[Records to use — start]

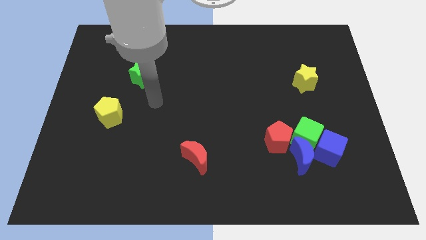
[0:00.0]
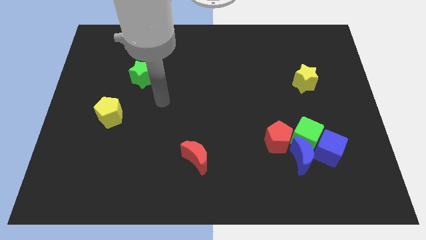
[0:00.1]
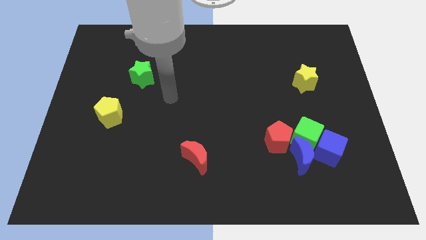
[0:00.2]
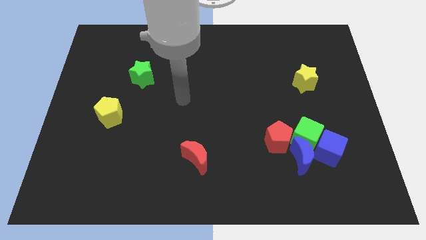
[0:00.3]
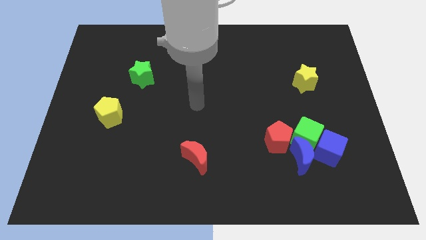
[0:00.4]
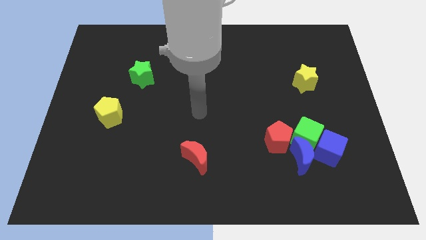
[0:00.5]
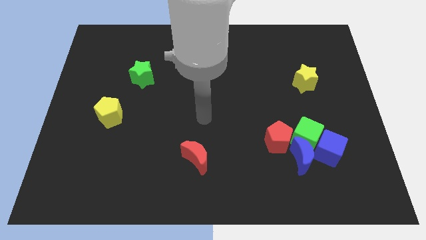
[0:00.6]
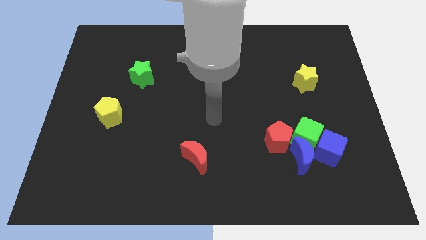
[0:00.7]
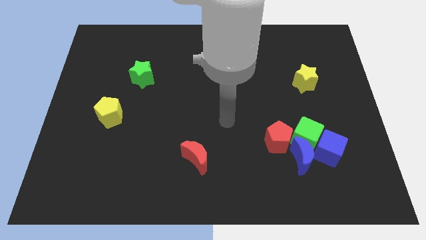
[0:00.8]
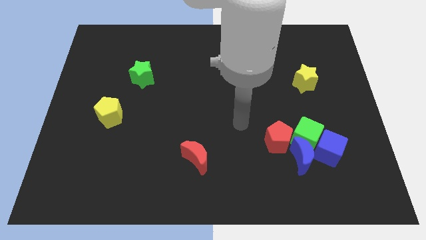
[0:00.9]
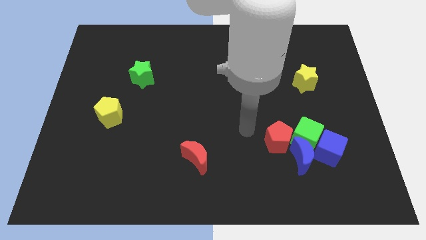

[Records to use — finish]

What you need to do.
Although the records above contain pictures, only their text is to be repeated, exactly as given.

Exercise output.
[0:00.0]
[0:00.1]
[0:00.2]
[0:00.3]
[0:00.4]
[0:00.5]
[0:00.6]
[0:00.7]
[0:00.8]
[0:00.9]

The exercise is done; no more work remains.